### Exercise goal
Print the data once more, exactly as given. Drop the pictures.

### Task material
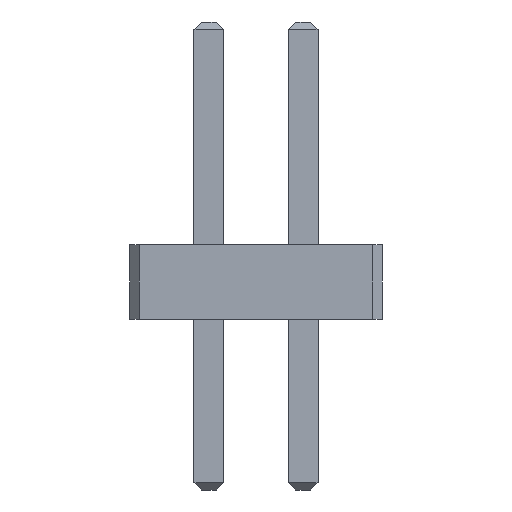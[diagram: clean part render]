
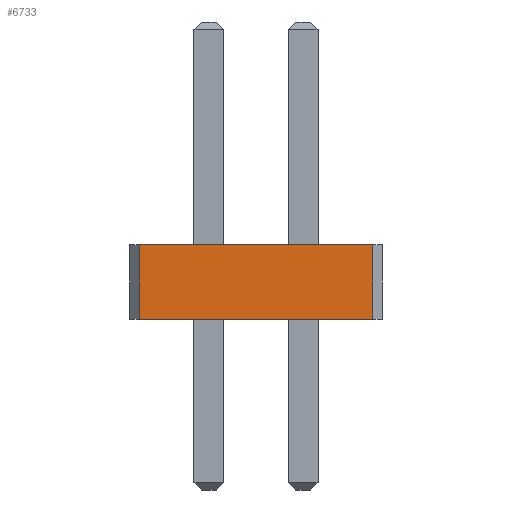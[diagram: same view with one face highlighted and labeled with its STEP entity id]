
A CAD part, front view. The second image highlights one B-rep face of the part: STEP entity #6733.
In plain terms, the highlighted planar face has unit normal (0, -1, 0).
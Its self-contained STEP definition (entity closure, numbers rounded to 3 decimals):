
#551 = VERTEX_POINT('',#552);
#552 = CARTESIAN_POINT('',(2.208,-24.765,0.));
#558 = EDGE_CURVE('',#559,#551,#561,.T.);
#559 = VERTEX_POINT('',#560);
#560 = CARTESIAN_POINT('',(-0.938,-24.765,0.));
#561 = LINE('',#562,#563);
#562 = CARTESIAN_POINT('',(-1.065,-24.765,0.));
#563 = VECTOR('',#564,1.);
#564 = DIRECTION('',(1.,0.,0.));
#2911 = VERTEX_POINT('',#2912);
#2912 = CARTESIAN_POINT('',(-0.938,-24.765,1.));
#2918 = EDGE_CURVE('',#2911,#2919,#2921,.T.);
#2919 = VERTEX_POINT('',#2920);
#2920 = CARTESIAN_POINT('',(2.208,-24.765,1.));
#2921 = LINE('',#2922,#2923);
#2922 = CARTESIAN_POINT('',(-1.065,-24.765,1.));
#2923 = VECTOR('',#2924,1.);
#2924 = DIRECTION('',(1.,0.,0.));
#6723 = EDGE_CURVE('',#559,#2911,#6724,.T.);
#6724 = LINE('',#6725,#6726);
#6725 = CARTESIAN_POINT('',(-0.938,-24.765,0.));
#6726 = VECTOR('',#6727,1.);
#6727 = DIRECTION('',(0.,0.,1.));
#6733 = ADVANCED_FACE('',(#6734),#6745,.F.);
#6734 = FACE_BOUND('',#6735,.F.);
#6735 = EDGE_LOOP('',(#6736,#6737,#6738,#6739));
#6736 = ORIENTED_EDGE('',*,*,#558,.F.);
#6737 = ORIENTED_EDGE('',*,*,#6723,.T.);
#6738 = ORIENTED_EDGE('',*,*,#2918,.T.);
#6739 = ORIENTED_EDGE('',*,*,#6740,.F.);
#6740 = EDGE_CURVE('',#551,#2919,#6741,.T.);
#6741 = LINE('',#6742,#6743);
#6742 = CARTESIAN_POINT('',(2.208,-24.765,0.));
#6743 = VECTOR('',#6744,1.);
#6744 = DIRECTION('',(0.,0.,1.));
#6745 = PLANE('',#6746);
#6746 = AXIS2_PLACEMENT_3D('',#6747,#6748,#6749);
#6747 = CARTESIAN_POINT('',(-1.065,-24.765,0.));
#6748 = DIRECTION('',(0.,1.,0.));
#6749 = DIRECTION('',(1.,0.,0.));

### Output
[diagram: clean part render]
[diagram: same view with one face highlighted and labeled with its STEP entity id]
A CAD part, front view. The second image highlights one B-rep face of the part: STEP entity #6733.
In plain terms, the highlighted planar face has unit normal (0, -1, 0).
Its self-contained STEP definition (entity closure, numbers rounded to 3 decimals):
#551 = VERTEX_POINT('',#552);
#552 = CARTESIAN_POINT('',(2.208,-24.765,0.));
#558 = EDGE_CURVE('',#559,#551,#561,.T.);
#559 = VERTEX_POINT('',#560);
#560 = CARTESIAN_POINT('',(-0.938,-24.765,0.));
#561 = LINE('',#562,#563);
#562 = CARTESIAN_POINT('',(-1.065,-24.765,0.));
#563 = VECTOR('',#564,1.);
#564 = DIRECTION('',(1.,0.,0.));
#2911 = VERTEX_POINT('',#2912);
#2912 = CARTESIAN_POINT('',(-0.938,-24.765,1.));
#2918 = EDGE_CURVE('',#2911,#2919,#2921,.T.);
#2919 = VERTEX_POINT('',#2920);
#2920 = CARTESIAN_POINT('',(2.208,-24.765,1.));
#2921 = LINE('',#2922,#2923);
#2922 = CARTESIAN_POINT('',(-1.065,-24.765,1.));
#2923 = VECTOR('',#2924,1.);
#2924 = DIRECTION('',(1.,0.,0.));
#6723 = EDGE_CURVE('',#559,#2911,#6724,.T.);
#6724 = LINE('',#6725,#6726);
#6725 = CARTESIAN_POINT('',(-0.938,-24.765,0.));
#6726 = VECTOR('',#6727,1.);
#6727 = DIRECTION('',(0.,0.,1.));
#6733 = ADVANCED_FACE('',(#6734),#6745,.F.);
#6734 = FACE_BOUND('',#6735,.F.);
#6735 = EDGE_LOOP('',(#6736,#6737,#6738,#6739));
#6736 = ORIENTED_EDGE('',*,*,#558,.F.);
#6737 = ORIENTED_EDGE('',*,*,#6723,.T.);
#6738 = ORIENTED_EDGE('',*,*,#2918,.T.);
#6739 = ORIENTED_EDGE('',*,*,#6740,.F.);
#6740 = EDGE_CURVE('',#551,#2919,#6741,.T.);
#6741 = LINE('',#6742,#6743);
#6742 = CARTESIAN_POINT('',(2.208,-24.765,0.));
#6743 = VECTOR('',#6744,1.);
#6744 = DIRECTION('',(0.,0.,1.));
#6745 = PLANE('',#6746);
#6746 = AXIS2_PLACEMENT_3D('',#6747,#6748,#6749);
#6747 = CARTESIAN_POINT('',(-1.065,-24.765,0.));
#6748 = DIRECTION('',(0.,1.,0.));
#6749 = DIRECTION('',(1.,0.,0.));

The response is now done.